Bus station in Visakhapatnam, India

Dwaraka Bus Station Complex is a bus station located at the eastern side of Visakhapatnam city. It is officially called APSRTC complex. The bus station is owned by Andhra Pradesh State Road Transport Corporation (APSRTC). This is one of the major bus stations in Andhra Pradesh. Many buses from other states like Karnataka, Tamil Nadu, Odissa, Chhattisgarh and Telangana arrive at the station. Buses provide their services to all the major cities, towns in the state and also within the city as well. The city services has a city bus terminus on south-east of the bus station. It is situated in 6.7 acres.

==History==

The Dwaraka Bus Station (DBS Complex), popularly known as RTC Complex, is being given a major facelift at an estimated cost of Rs. 80 lakh.
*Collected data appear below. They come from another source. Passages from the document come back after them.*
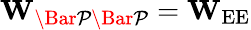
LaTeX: \mathbf{W}_{\mathcal{\Bar{P}\Bar{P}}}=\mathbf{W}_{\mathrm{EE}}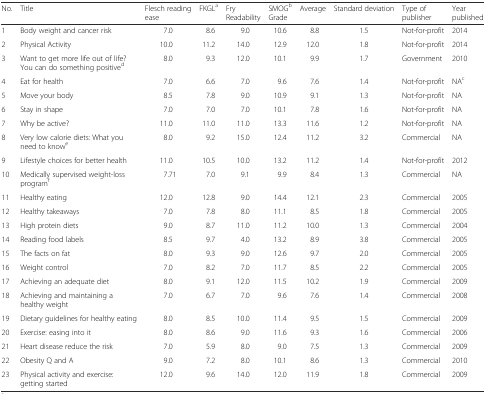
<table><thead><tr><td><b>No.</b></td><td><b>Title</b></td><td><b>Flesch reading ease</b></td><td><b>FKGL<sup>a</sup></b></td><td><b>Fry Readability</b></td><td><b>SMOG<sup>b</sup> Grade</b></td><td><b>Average</b></td><td><b>Standard deviation</b></td><td><b>Type of publisher</b></td><td><b>Year published</b></td></tr></thead><tbody><tr><td>1</td><td>Body weight and cancer risk</td><td>7.0</td><td>8.6</td><td>9.0</td><td>10.6</td><td>8.8</td><td>1.5</td><td>Not-for-profit</td><td>2014</td></tr><tr><td>2</td><td>Physical Activity</td><td>10.0</td><td>11.2</td><td>14.0</td><td>12.9</td><td>12.0</td><td>1.8</td><td>Not-for-profit</td><td>2014</td></tr><tr><td>3</td><td>Want to get more life out of life? You can do something positive<sup>d</sup></td><td>8.0</td><td>9.3</td><td>12.0</td><td>10.1</td><td>9.9</td><td>1.7</td><td>Government</td><td>2010</td></tr><tr><td>4</td><td>Eat for health</td><td>7.0</td><td>6.6</td><td>7.0</td><td>9.6</td><td>7.6</td><td>1.4</td><td>Not-for-profit</td><td>NA<sup>c</sup></td></tr><tr><td>5</td><td>Move your body</td><td>8.5</td><td>7.8</td><td>9.0</td><td>10.9</td><td>9.1</td><td>1.3</td><td>Not-for-profit</td><td>NA</td></tr><tr><td>6</td><td>Stay in shape</td><td>7.0</td><td>7.0</td><td>7.0</td><td>10.1</td><td>7.8</td><td>1.6</td><td>Not-for-profit</td><td>NA</td></tr><tr><td>7</td><td>Why be active?</td><td>11.0</td><td>11.0</td><td>11.0</td><td>13.3</td><td>11.6</td><td>1.2</td><td>Not-for-profit</td><td>NA</td></tr><tr><td>8</td><td>Very low calorie diets: What you need to know<sup>e</sup></td><td>8.0</td><td>9.2</td><td>15.0</td><td>12.4</td><td>11.2</td><td>3.2</td><td>Commercial</td><td>NA</td></tr><tr><td>9</td><td>Lifestyle choices for better health</td><td>11.0</td><td>10.5</td><td>10.0</td><td>13.2</td><td>11.2</td><td>1.4</td><td>Not-for-profit</td><td>2012</td></tr><tr><td>10</td><td>Medically supervised weight-loss program<sup>f</sup></td><td>7.71</td><td>7.0</td><td>9.1</td><td>9.9</td><td>8.4</td><td>1.3</td><td>Commercial</td><td>NA</td></tr><tr><td>11</td><td>Healthy eating</td><td>12.0</td><td>12.8</td><td>9.0</td><td>14.4</td><td>12.1</td><td>2.3</td><td>Commercial</td><td>2005</td></tr><tr><td>12</td><td>Healthy takeaways</td><td>7.0</td><td>7.8</td><td>8.0</td><td>11.1</td><td>8.5</td><td>1.8</td><td>Commercial</td><td>2005</td></tr><tr><td>13</td><td>High protein diets</td><td>9.0</td><td>8.7</td><td>11.0</td><td>11.2</td><td>10.0</td><td>1.3</td><td>Commercial</td><td>2004</td></tr><tr><td>14</td><td>Reading food labels</td><td>8.5</td><td>9.7</td><td>4.0</td><td>13.2</td><td>8.9</td><td>3.8</td><td>Commercial</td><td>2005</td></tr><tr><td>15</td><td>The facts on fat</td><td>8.0</td><td>9.3</td><td>9.0</td><td>12.6</td><td>9.7</td><td>2.0</td><td>Commercial</td><td>2005</td></tr><tr><td>16</td><td>Weight control</td><td>7.0</td><td>8.2</td><td>7.0</td><td>11.7</td><td>8.5</td><td>2.2</td><td>Commercial</td><td>2005</td></tr><tr><td>17</td><td>Achieving an adequate diet</td><td>8.0</td><td>9.1</td><td>12.0</td><td>11.5</td><td>10.2</td><td>1.9</td><td>Commercial</td><td>2009</td></tr><tr><td>18</td><td>Achieving and maintaining a healthy weight</td><td>7.0</td><td>6.7</td><td>7.0</td><td>9.6</td><td>7.6</td><td>1.4</td><td>Commercial</td><td>2008</td></tr><tr><td>19</td><td>Dietary guidelines for healthy eating</td><td>8.0</td><td>8.5</td><td>10.0</td><td>11.4</td><td>9.5</td><td>1.5</td><td>Commercial</td><td>2009</td></tr><tr><td>20</td><td>Exercise: easing into it</td><td>8.0</td><td>8.6</td><td>9.0</td><td>11.6</td><td>9.3</td><td>1.6</td><td>Commercial</td><td>2006</td></tr><tr><td>21</td><td>Heart disease reduce the risk</td><td>7.0</td><td>5.9</td><td>8.0</td><td>9.0</td><td>7.5</td><td>1.3</td><td>Commercial</td><td>2009</td></tr><tr><td>22</td><td>Obesity Q and A</td><td>9.0</td><td>7.2</td><td>8.0</td><td>10.1</td><td>8.6</td><td>1.3</td><td>Commercial</td><td>2010</td></tr><tr><td>23</td><td>Physical activity and exercise: getting started</td><td>12.0</td><td>9.6</td><td>14.0</td><td>12.0</td><td>11.9</td><td>1.8</td><td>Commercial</td><td>2009</td></tr></tbody></table>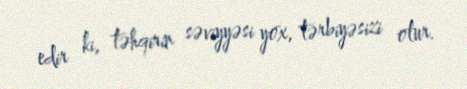
edir ki, təhqirin səviyyəsi yox, tərbiyəsizi olur.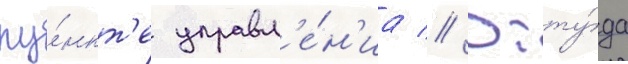
пу́нкт'е управл'е́н'иа // Отту́да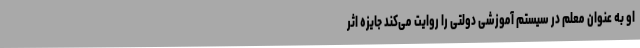
او به عنوان معلم در سیستم آموزشی دولتی را روایت ‌می‌کند جایزه اثر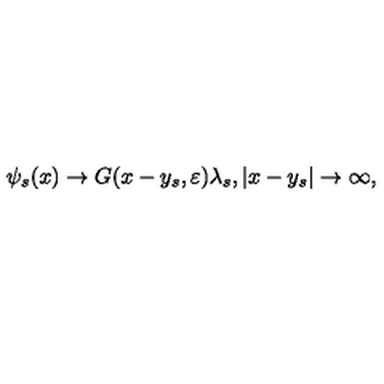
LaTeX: \psi _ { s } ( x ) \rightarrow G ( x - y _ { s } , \varepsilon ) \lambda _ { s } , | x - y _ { s } | \rightarrow \infty , ~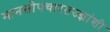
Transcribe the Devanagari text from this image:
मानसोपचारतज्ज्ञांशी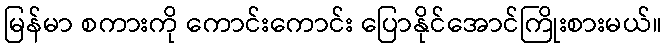
မြန်မာ စကားကို ကောင်းကောင်း ပြောနိုင်အောင်ကြိုးစားမယ်။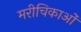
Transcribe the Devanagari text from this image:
मरीचिकाओं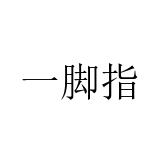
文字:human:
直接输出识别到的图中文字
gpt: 一脚指
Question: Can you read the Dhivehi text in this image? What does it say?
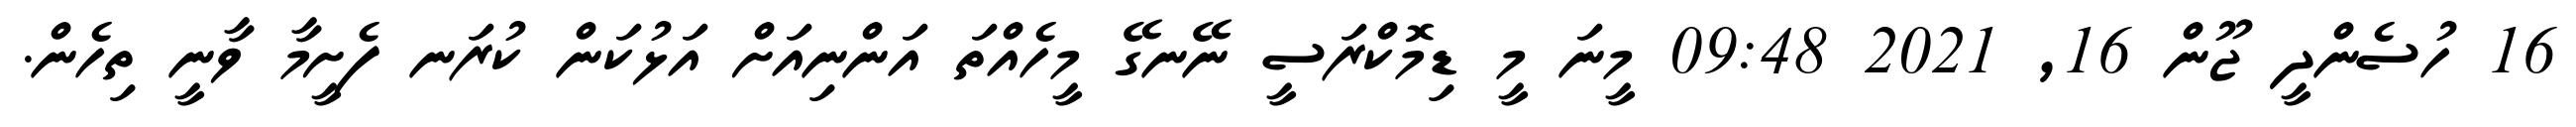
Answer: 16 ހުސެންދީ ޖޫން 16, 2021 09:48 މީނަ މީ ޑިމޮކްރަސީ ނޭނގޭ މީހެއްތަ އަންނިއަށް އަޅުކަން ކުރަނ ފެށީމާ ވާނީ ތިހެން.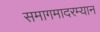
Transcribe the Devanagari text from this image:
समागमादरम्यान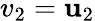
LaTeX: v_{2}=\mathbf{u}_{2}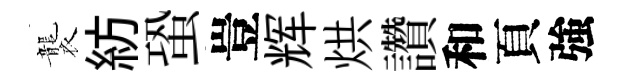
襲紡蛩豈辉烘讚和頁強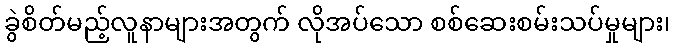
ခွဲစိတ်မည့်လူနာများအတွက် လိုအပ်သော စစ်ဆေးစမ်းသပ်မှုများ၊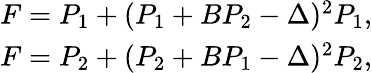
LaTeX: \begin{array}{r}{F=P_{1}+(P_{1}+BP_{2}-\Delta)^{2}P_{1},}\\ {F=P_{2}+(P_{2}+BP_{1}-\Delta)^{2}P_{2},}\end{array}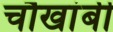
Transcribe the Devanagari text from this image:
चौखांबी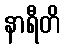
နာရီတိ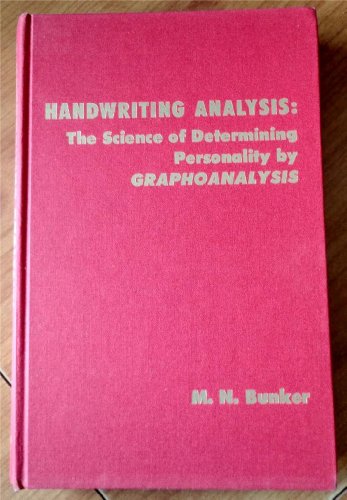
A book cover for Handwriting Analysis: The Science of Determining Personality by Graphoanalysis; M. N Bunker; Self-Help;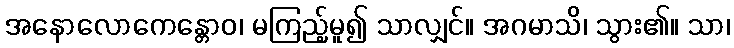
အနောလောကေန္တောဝ၊ မကြည့်မူ၍ သာလျှင်။ အဂမာသိ၊ သွား၏။ သာ၊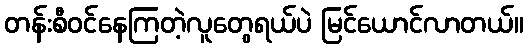
တန်းစီဝင်နေကြတဲ့လူတွေရယ်ပဲ မြင်ယောင်လာတယ်။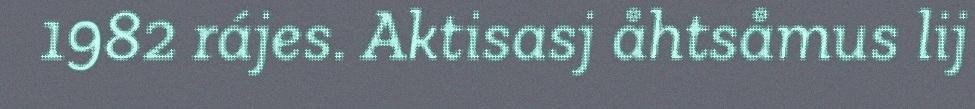
1982 rájes. Aktisasj åhtsåmus lij

The foundation for the RTC Complex was laid by the then Chief Minister Jalagam Vengala Rao on 13 October 1974 and it was opened in 1979.

==Expansion==

New CCTVs, painting of the walls and paneling of the pillars are some of the works that are being undertaken inside the complex. Apart from 33 modern chairs, the AC lounge has two cozy beds for the convenience of senior citizens and sick persons, who wish to take a nap as they await the arrival of their bus. At present there is 30 platforms.

==City buses==

Numerous city buses operate from the Bus Station Complex to nearly every part of the city. Busses which originate from RTC complex are 6A/H, 300C, 12D, 500, 500A, 500A/V, 38, 38D, 38H, 400N, 400Y, 400, 222, 999 and 900K.